Предоставленный самому себе, Александр целыми днями бродил по городу, любовался великолепными зданиями иностранных банков, набережными, пышными особняками английских, американских и французских дельцов. «Устроились как на своей собственной земле», — думал он и невольно вспомнил то, что ему довелось увидеть на отдаленном от центра берегу мутной реки. Сбитые в кучу, там покачивались на волнах тысячи джонок, сампанов, полуразрушенных барж — страшное зрелище плавучей нищеты, мир на воде, в котором всю жизнь, из поколения в поколение, обитали высохшие, как мумии, кули, рыбаки, ткачи, рикши, разорившиеся уличные торговцы, проститутки, матросы, сбежавшие из деревень голодные крестьяне. Это их, хозяев китайской земли, надменные иностранцы именовали «желтыми собаками». Это они, хозяева своей земли, рождались и умирали в огромном плавучем лагере, проклятом заповеднике болезней, невыплаканного горя, убожества и унижений. Вода не успевала уносить от берега горы смрадных отбросов, и в этих гниющих отбросах, тщетно разыскивая что-нибудь съестное, с утра до вечера копошились тысячи голых рахитичных детей…

И когда Александр встречал на центральной улице пришельцев-иностранцев, которые катили на мокрых от пота рикшах, он думал со злобной радостью: «Врете, сволочи! Пробьет час, и всех вас вышвырнут отсюда навсегда, так что и следа вашего не останется».

Однажды днем, гуляя по людному Банду, Александр увидел кортеж: окруженный велосипедистами-бодигарами, свитой адъютантов и полисменов, в автомобиле ехал худощавый китаец-генерал в защитном френче, перекрещенном портупеей, губы генерала были плотно сжаты, из-под лакированного козырька надвинутой на брови фуражки блестели холодные прищуренные глаза.

— Цзян Цзеши! — послышалось в толпе. — Чан Кайши!

Александр остановился.

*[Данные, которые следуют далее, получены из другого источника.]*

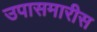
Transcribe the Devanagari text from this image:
उपासमारीस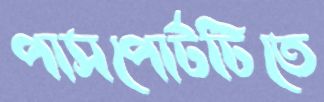
পাসপোর্টটিতে

Так вот он каков, этот кандидат в диктаторы, главнокомандующий Национально-революционной армией, который трусливо топтался на подступах к Шанхаю до тех пор, пока восставшие рабочие не открыли перед ним городские ворота. «Хорош же ты гусь!» — с недоброй усмешкой подумал Александр.

Это было в начале апреля, тогда люди не знали, что в штабе Чан Кайши уже успел побывать представитель его «противника» Чжан Цзолина, что главари шанхайских бандитских шаек уже получили от Чан Кайши денежный куш и готовили нападение на генеральный рабочий союз, а сам он виделся с группой иностранцев и заверил их, что «ликвидирует коммунистов» и «наведет порядок». Когда нанкинские банкиры и промышленники пригласили Чан Кайши на банкет и, заискивая перед модным генералом, попросили его «прекратить бесчинства красных», главнокомандующий Национально-революционной армией неожиданно заявил в ответ:

— Бесчинства имеют место не только в Нанкине, но и всюду, где рабочие и крестьяне выступают с их требованиями установить коммунистические порядки…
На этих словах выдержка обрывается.